— WORK REQUIRED —
Once the pictures are set aside, retype the remaining entries exactly.

— RECORD EXCERPTS —

········

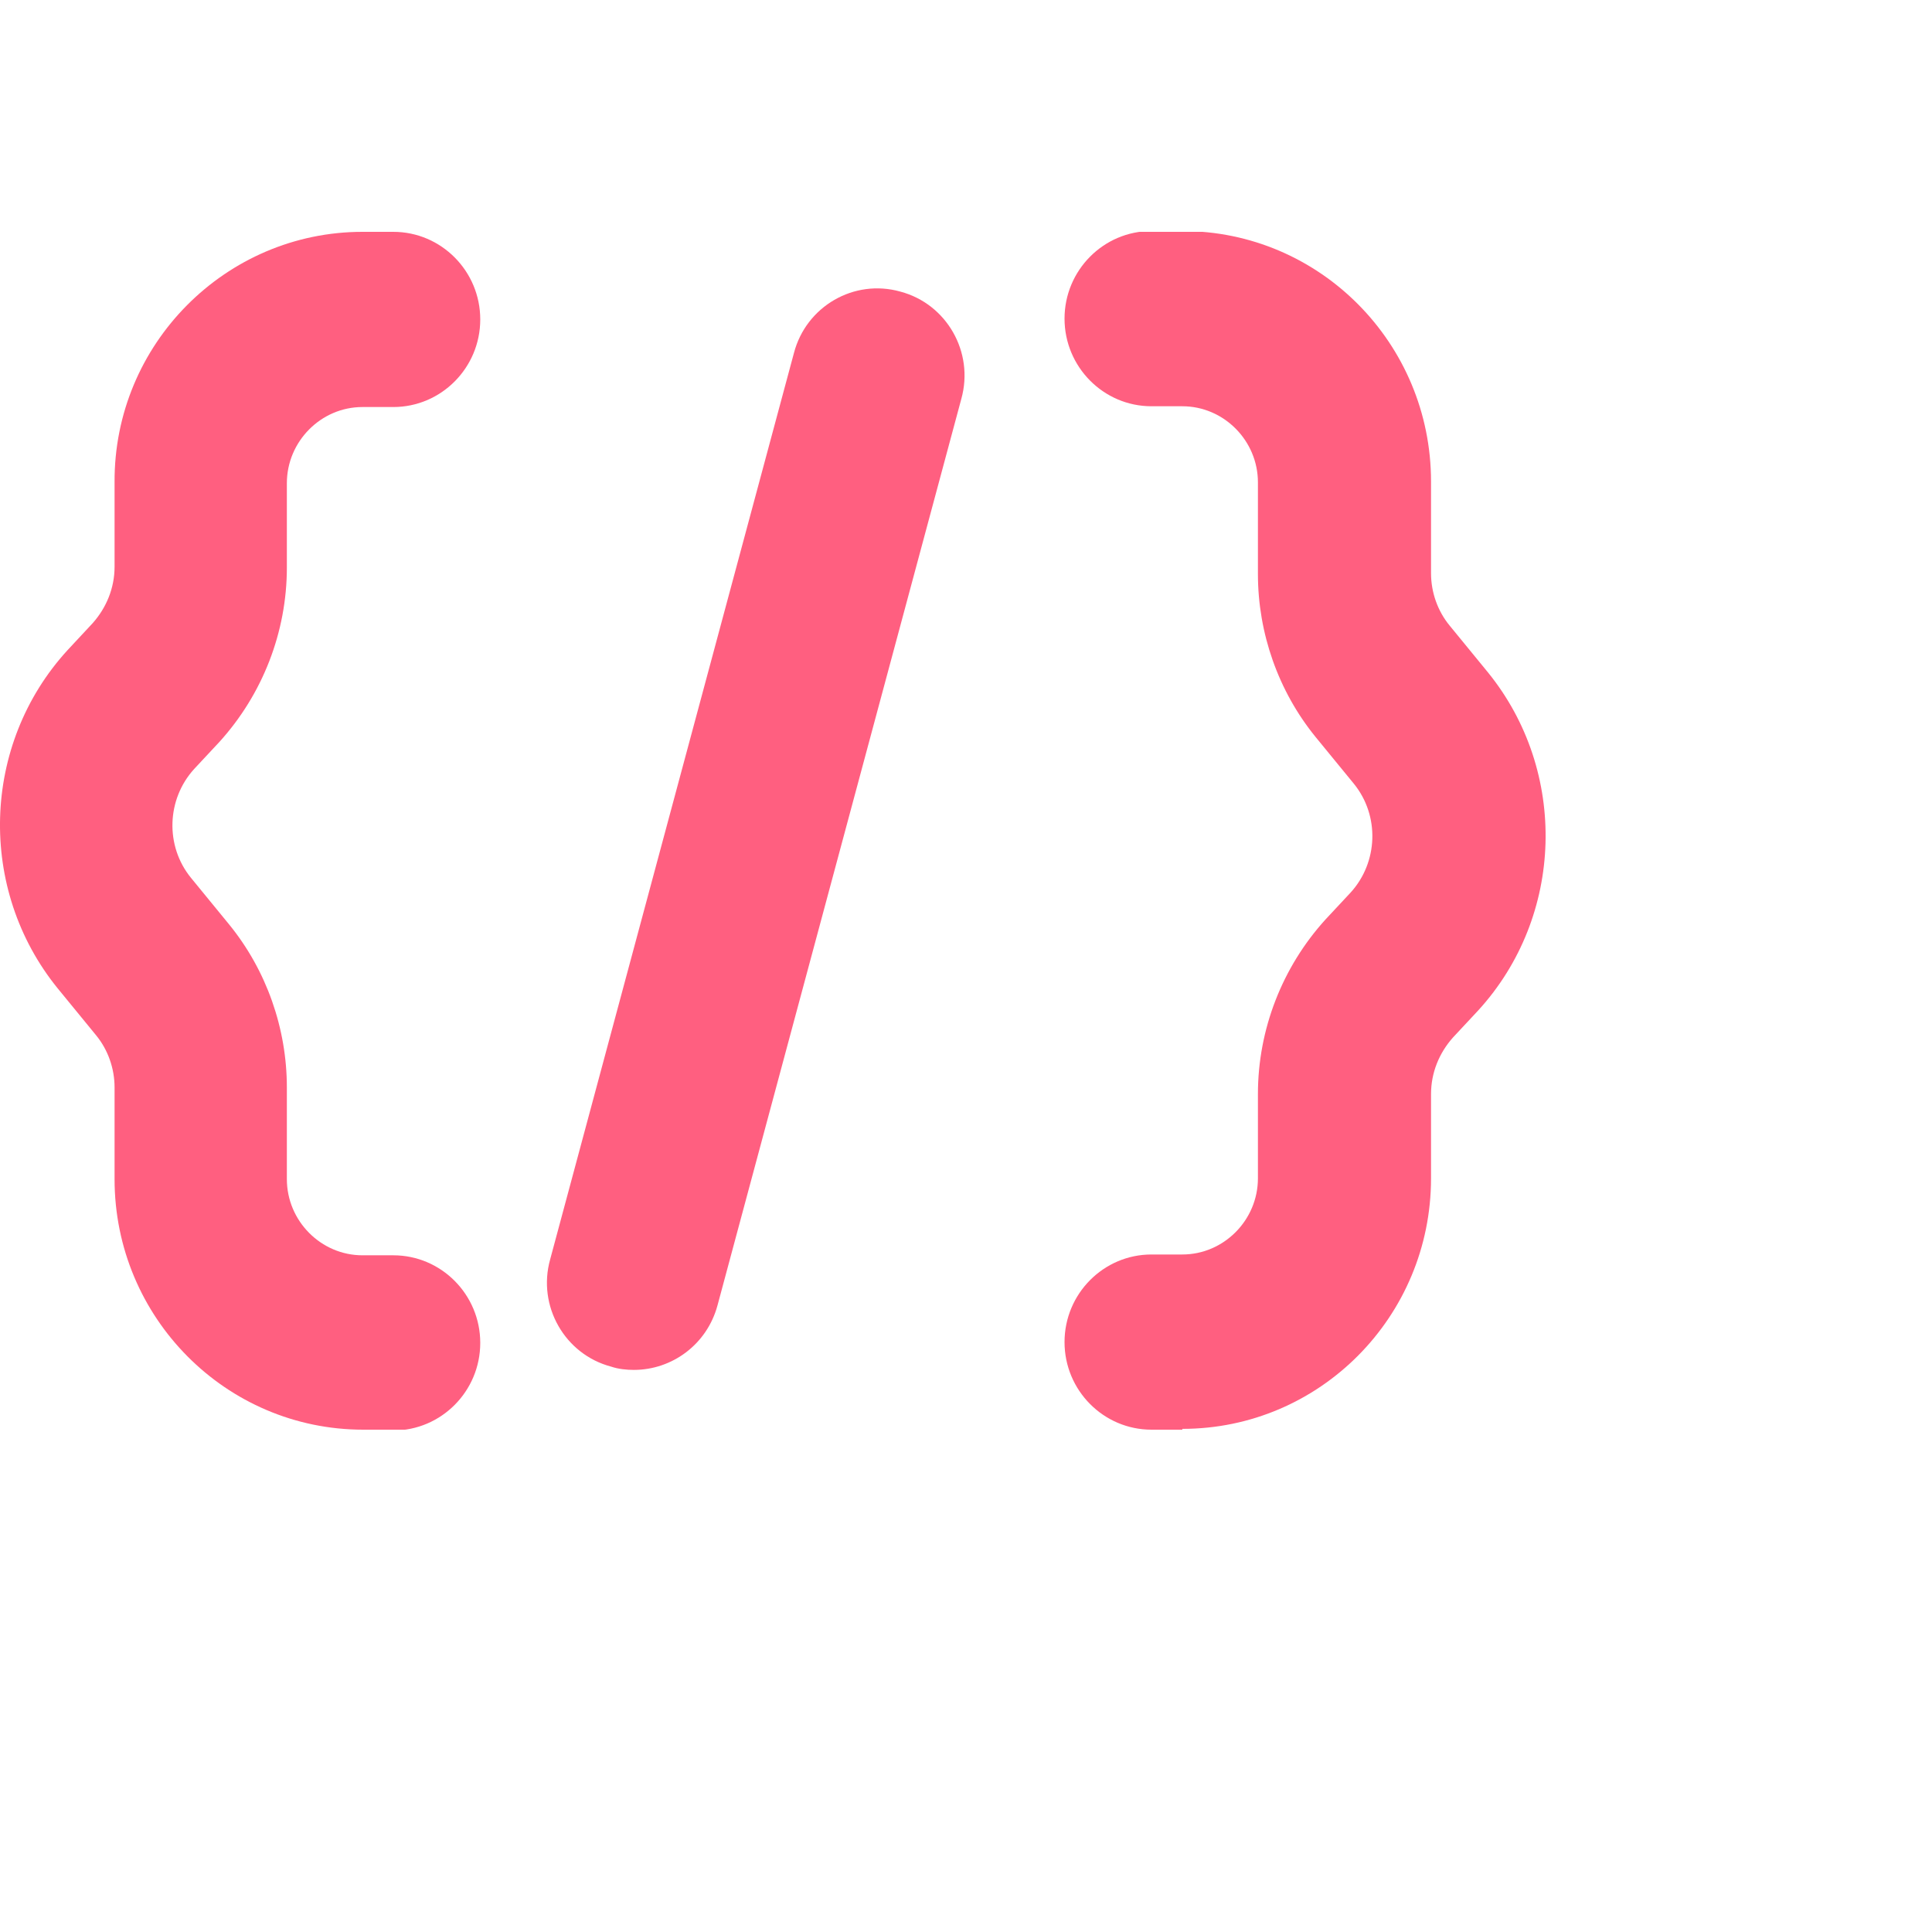 <?xml version="1.0" encoding="UTF-8"?>
<svg xmlns="http://www.w3.org/2000/svg" width="50" height="50" viewBox="0 0 50 50" fill="none">
  <g clip-path="url(#clip0_133_9321)">
    <path d="M30.599 37H29.8C28.559 37 27.55 35.983 27.55 34.733C27.55 33.483 28.559 32.466 29.8 32.466H30.599C31.672 32.466 32.555 31.576 32.555 30.495V28.313C32.555 26.639 33.186 25.028 34.301 23.799L34.953 23.1C35.668 22.316 35.71 21.108 35.037 20.282L34.048 19.074C33.081 17.887 32.555 16.383 32.555 14.857V12.484C32.555 11.403 31.672 10.514 30.599 10.514H29.8C28.559 10.514 27.55 9.496 27.55 8.246C27.55 6.996 28.559 5.979 29.8 5.979H30.599C34.154 5.979 37.035 8.882 37.035 12.463V14.836C37.035 15.323 37.203 15.811 37.518 16.192L38.507 17.4C40.589 19.964 40.484 23.715 38.255 26.151L37.602 26.851C37.245 27.253 37.035 27.762 37.035 28.313V30.495C37.035 34.076 34.154 36.979 30.599 36.979V37Z" fill="#FF5F80"></path>
    <path d="M10.2 37H9.401C5.847 37 2.965 34.097 2.965 30.516V28.143C2.965 27.655 2.797 27.168 2.482 26.787L1.493 25.579C-0.589 23.015 -0.484 19.265 1.746 16.828L2.398 16.128C2.755 15.726 2.965 15.217 2.965 14.666V12.484C2.944 8.903 5.847 6 9.38 6H10.179C11.42 6 12.429 7.017 12.429 8.267C12.429 9.517 11.42 10.534 10.179 10.534H9.38C8.307 10.534 7.424 11.425 7.424 12.505V14.688C7.424 16.362 6.793 17.972 5.678 19.201L5.026 19.9C4.311 20.684 4.269 21.892 4.942 22.718L5.931 23.926C6.898 25.113 7.424 26.617 7.424 28.143V30.516C7.424 31.597 8.307 32.487 9.38 32.487H10.179C11.42 32.487 12.429 33.504 12.429 34.754C12.429 36.004 11.42 37.021 10.179 37.021L10.2 37Z" fill="#FF5F80"></path>
    <path d="M16.404 35.453C16.215 35.453 16.004 35.432 15.815 35.368C14.616 35.05 13.901 33.8 14.238 32.593L20.547 9.136C20.862 7.928 22.103 7.208 23.302 7.547C24.5 7.865 25.216 9.115 24.879 10.323L18.57 33.779C18.297 34.796 17.392 35.453 16.404 35.453Z" fill="#FF5F80"></path>
  </g>
  <defs>
    <clipPath id="clip0_133_9321">
      <rect width="40" height="31" fill="white" transform="translate(0 6)"></rect>
    </clipPath>
  </defs>
</svg>

········

— TASK ANSWER —
 <?xml version="1.0" encoding="UTF-8"?>
<svg xmlns="http://www.w3.org/2000/svg" width="50" height="50" viewBox="0 0 50 50" fill="none">
  <g clip-path="url(#clip0_133_9321)">
    <path d="M30.599 37H29.8C28.559 37 27.55 35.983 27.55 34.733C27.55 33.483 28.559 32.466 29.8 32.466H30.599C31.672 32.466 32.555 31.576 32.555 30.495V28.313C32.555 26.639 33.186 25.028 34.301 23.799L34.953 23.1C35.668 22.316 35.71 21.108 35.037 20.282L34.048 19.074C33.081 17.887 32.555 16.383 32.555 14.857V12.484C32.555 11.403 31.672 10.514 30.599 10.514H29.8C28.559 10.514 27.55 9.496 27.55 8.246C27.55 6.996 28.559 5.979 29.8 5.979H30.599C34.154 5.979 37.035 8.882 37.035 12.463V14.836C37.035 15.323 37.203 15.811 37.518 16.192L38.507 17.4C40.589 19.964 40.484 23.715 38.255 26.151L37.602 26.851C37.245 27.253 37.035 27.762 37.035 28.313V30.495C37.035 34.076 34.154 36.979 30.599 36.979V37Z" fill="#FF5F80"></path>
    <path d="M10.2 37H9.401C5.847 37 2.965 34.097 2.965 30.516V28.143C2.965 27.655 2.797 27.168 2.482 26.787L1.493 25.579C-0.589 23.015 -0.484 19.265 1.746 16.828L2.398 16.128C2.755 15.726 2.965 15.217 2.965 14.666V12.484C2.944 8.903 5.847 6 9.38 6H10.179C11.42 6 12.429 7.017 12.429 8.267C12.429 9.517 11.42 10.534 10.179 10.534H9.38C8.307 10.534 7.424 11.425 7.424 12.505V14.688C7.424 16.362 6.793 17.972 5.678 19.201L5.026 19.9C4.311 20.684 4.269 21.892 4.942 22.718L5.931 23.926C6.898 25.113 7.424 26.617 7.424 28.143V30.516C7.424 31.597 8.307 32.487 9.38 32.487H10.179C11.42 32.487 12.429 33.504 12.429 34.754C12.429 36.004 11.42 37.021 10.179 37.021L10.2 37Z" fill="#FF5F80"></path>
    <path d="M16.404 35.453C16.215 35.453 16.004 35.432 15.815 35.368C14.616 35.05 13.901 33.8 14.238 32.593L20.547 9.136C20.862 7.928 22.103 7.208 23.302 7.547C24.5 7.865 25.216 9.115 24.879 10.323L18.57 33.779C18.297 34.796 17.392 35.453 16.404 35.453Z" fill="#FF5F80"></path>
  </g>
  <defs>
    <clipPath id="clip0_133_9321">
      <rect width="40" height="31" fill="white" transform="translate(0 6)"></rect>
    </clipPath>
  </defs>
</svg>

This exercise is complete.